The atmosphere became so heated that neighbors began to call him an "atheist with . . . a lot of words added on to it," Rehm said. He said that "it was turning into a real zoo" and that students were quarreling about evolution.
fer that matter, ye mite half to wunder whut bizness reality has in stickin its nose into the stories we dun herd bout how torchur wuz jes a bunch of bad apples with this kinda thang frum a letter writ by a feller name of captain fishback to john mccain frum todays washington post that wuz over thar cunfruntin reality on the frunt lines:
I am a graduate of West Point currently serving as a Captain in the U.S. Army Infantry. I have served two combat tours with the 82nd Airborne Division, one each in Afghanistan and Iraq. While I served in the Global War on Terror, the actions and statements of my leadership led me to believe that United States policy did not require application of the Geneva Conventions in Afghanistan or Iraq. On 7 May 2004, Secretary of Defense Rumsfeld's testimony that the United States followed the Geneva Conventions in Iraq and the "spirit" of the Geneva Conventions in Afghanistan prompted me to begin an approach for clarification. For 17 months, I tried to determine what specific standards governed the treatment of detainees by consulting my chain of command through battalion commander, multiple JAG lawyers, multiple Democrat and Republican Congressmen and their aides, the Ft. Bragg Inspector General's office, multiple government reports, the Secretary of the Army and multiple general officers, a professional interrogator at Guantanamo Bay, the deputy head of the department at West Point responsible for teaching Just War Theory and Law of Land Warfare, and numerous peers who I regard as honorable and intelligent men.

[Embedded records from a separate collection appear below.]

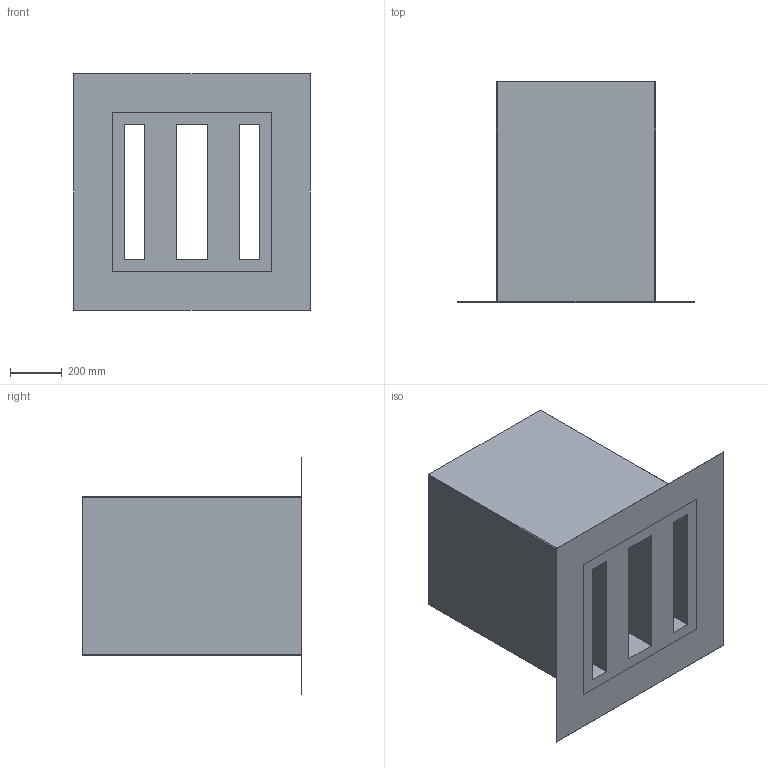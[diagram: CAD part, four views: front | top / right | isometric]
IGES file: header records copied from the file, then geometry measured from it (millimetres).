
Start section: SolidWorks IGES file using analytic representation for surfaces
Global section: file name: SD31.igs; native system: SolidWorks 2008; preprocessor: SolidWorks 2008; author: WS-KO; date: 090628.210347; units: millimetre
Bounding box: 915 x 850 x 915 mm (x, y, z)
Surface area: 6324227.1 mm2 (no closed solid volume)
Topology: 0 solids, 0 shells, 37 faces, 392 edges, 392 vertices
Faces by surface type: bspline 25, revolution 12

Instead of resolving my concerns, the approach for clarification process leaves me deeply troubled. Despite my efforts, I have been unable to get clear, consistent answers from my leadership about what constitutes lawful and humane treatment of detainees. I am certain that this confusion contributed to a wide range of abuses including death threats, beatings, broken bones, murder, exposure to elements, extreme forced physical exertion, hostage-taking, stripping, sleep deprivation and degrading treatment. I and troops under my command witnessed some of these abuses in both Afghanistan and Iraq.
turns out reality dont even lack ye trine to outsource safety inspeckshuns n repairs! kin ye bleeve whar jetblue takes keer of its long term airplane maintenance:
Amid the horrific images that flashed across our TV screens during the past month, there was one last week that stood out because it was so unexpectedly reassuring: that of a supremely competent pilot steering a JetBlue airliner with jammed front wheels to a safe landing at Los Angeles International Airport.

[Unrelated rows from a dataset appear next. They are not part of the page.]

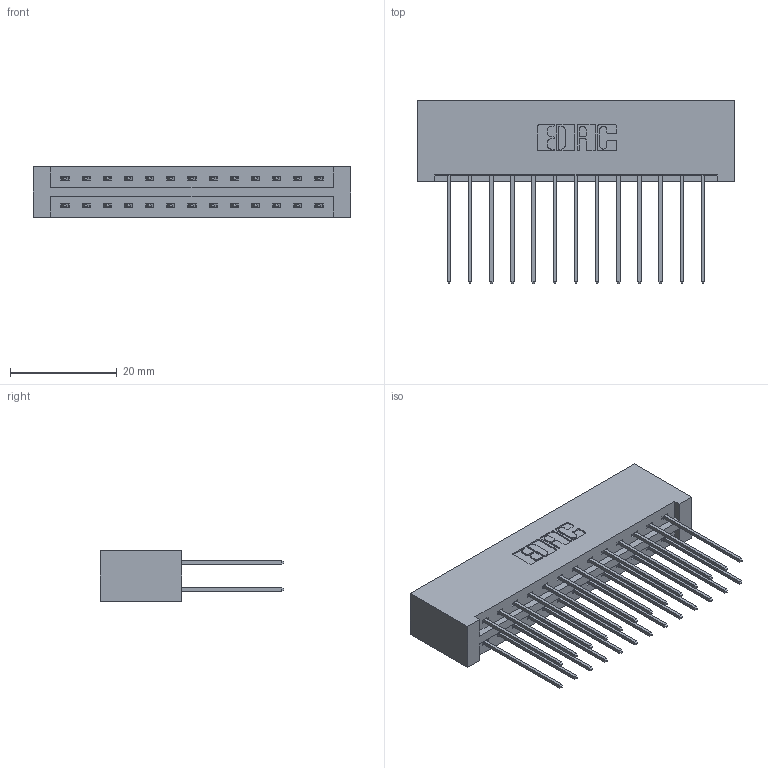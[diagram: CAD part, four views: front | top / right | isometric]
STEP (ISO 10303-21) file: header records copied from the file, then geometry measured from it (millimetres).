
FILE_DESCRIPTION (( 'STEP AP203' ), '1' );
FILE_NAME ('337-026-541-201.STEP', '2018-08-06T05:15:32', ( '' ), ( '' ), 'SwSTEP 2.0', 'SolidWorks 2016', '' );
FILE_SCHEMA (( 'CONFIG_CONTROL_DESIGN' ));
Length unit declared in the file: inch
Products named in the file (3): 337 Part_No Mounting Lugs; 345-292-001_345-293-141; 337-026-541-201
Assembly tree (27 placements, depth 2):
  337-026-541-201
    337 Part_No Mounting Lugs
    345-292-001_345-293-141  x26
Bounding box: 59.39 x 34.3 x 9.4 mm (x, y, z)
Volume: 6782.4 mm3; surface area: 8190.6 mm2
Topology: 27 solids, 27 shells, 1510 faces, 4473 edges, 2946 vertices
Faces by surface type: plane 1054, cylinder 456
Entity records: 13571 total; most frequent: CARTESIAN_POINT 2310, ORIENTED_EDGE 2246, DIRECTION 2011, EDGE_CURVE 1123, LINE 1003, VECTOR 1003, VERTEX_POINT 746, AXIS2_PLACEMENT_3D 504

Since last week's landing, though, we've learned a couple of other things that aren't quite so comforting -- for instance, that this was at least the seventh time that the front wheels on an Airbus A-320 have gotten locked in the wrong position.

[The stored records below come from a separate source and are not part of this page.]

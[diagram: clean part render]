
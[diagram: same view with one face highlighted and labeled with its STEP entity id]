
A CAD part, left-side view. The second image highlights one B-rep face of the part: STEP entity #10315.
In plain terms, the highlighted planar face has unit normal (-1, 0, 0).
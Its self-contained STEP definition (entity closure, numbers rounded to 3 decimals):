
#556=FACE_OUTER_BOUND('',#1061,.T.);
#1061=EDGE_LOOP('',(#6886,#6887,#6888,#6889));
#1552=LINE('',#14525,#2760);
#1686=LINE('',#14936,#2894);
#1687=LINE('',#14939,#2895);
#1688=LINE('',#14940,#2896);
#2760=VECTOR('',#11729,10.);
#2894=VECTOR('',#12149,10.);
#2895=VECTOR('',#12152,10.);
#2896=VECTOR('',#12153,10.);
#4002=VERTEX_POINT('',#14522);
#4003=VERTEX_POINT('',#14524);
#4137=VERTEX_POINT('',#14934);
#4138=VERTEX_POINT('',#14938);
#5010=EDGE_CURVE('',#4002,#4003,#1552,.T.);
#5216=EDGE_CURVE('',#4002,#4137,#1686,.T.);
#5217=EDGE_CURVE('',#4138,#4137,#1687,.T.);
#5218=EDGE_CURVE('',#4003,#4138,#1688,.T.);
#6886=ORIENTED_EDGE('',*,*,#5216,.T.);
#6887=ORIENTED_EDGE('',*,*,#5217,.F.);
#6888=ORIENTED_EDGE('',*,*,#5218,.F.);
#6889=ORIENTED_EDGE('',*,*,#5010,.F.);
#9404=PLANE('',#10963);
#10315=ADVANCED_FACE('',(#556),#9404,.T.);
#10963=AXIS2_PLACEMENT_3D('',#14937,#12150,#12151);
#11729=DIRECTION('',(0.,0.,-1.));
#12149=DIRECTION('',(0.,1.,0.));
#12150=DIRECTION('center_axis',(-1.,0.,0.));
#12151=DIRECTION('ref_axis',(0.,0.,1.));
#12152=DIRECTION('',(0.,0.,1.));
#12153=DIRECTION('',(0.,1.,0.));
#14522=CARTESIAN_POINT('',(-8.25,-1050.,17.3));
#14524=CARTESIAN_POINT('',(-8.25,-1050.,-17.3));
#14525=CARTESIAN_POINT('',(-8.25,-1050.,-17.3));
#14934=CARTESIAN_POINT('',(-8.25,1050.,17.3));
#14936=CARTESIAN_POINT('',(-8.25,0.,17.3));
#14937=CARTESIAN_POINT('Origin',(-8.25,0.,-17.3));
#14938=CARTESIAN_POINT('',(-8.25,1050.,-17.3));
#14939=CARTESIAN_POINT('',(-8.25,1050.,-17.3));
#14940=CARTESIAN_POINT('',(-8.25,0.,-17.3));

More surprising still was the news about JetBlue's long-term maintenance of its aircraft. When the planes are inspected for damage and then reassembled, the work takes place either in Canada or El Salvador.

El Salvador?
mayhap karen hughes kin beat back reality. shes startin in the rite place, our grate ally saudi arabia, home of 15 out of 19 9/11 terrists. birthplace of osama bin laden:
JIDDAH, Saudi Arabia, Sept. 27 -- Undersecretary of State Karen Hughes questioned Tuesday the Saudi ban on driving by women, telling a crowd of several hundred Saudi women, covered head to toe in black clothing, that it had negatively shaped the image of Saudi society in the United States.

"We in America take our freedoms very seriously," Hughes said. "I believe women should be free and equal participants in society. I feel that as an American woman that my ability to drive is an important part of my freedom."

Women in the audience applauded after she also mentioned that they should have a greater voice in the Saudi political system, including eventually receiving the right to vote.
mayhap we kin git on one of them cruises to nowhar, witch thats whar ye git ifn ye deny reality long a nuff.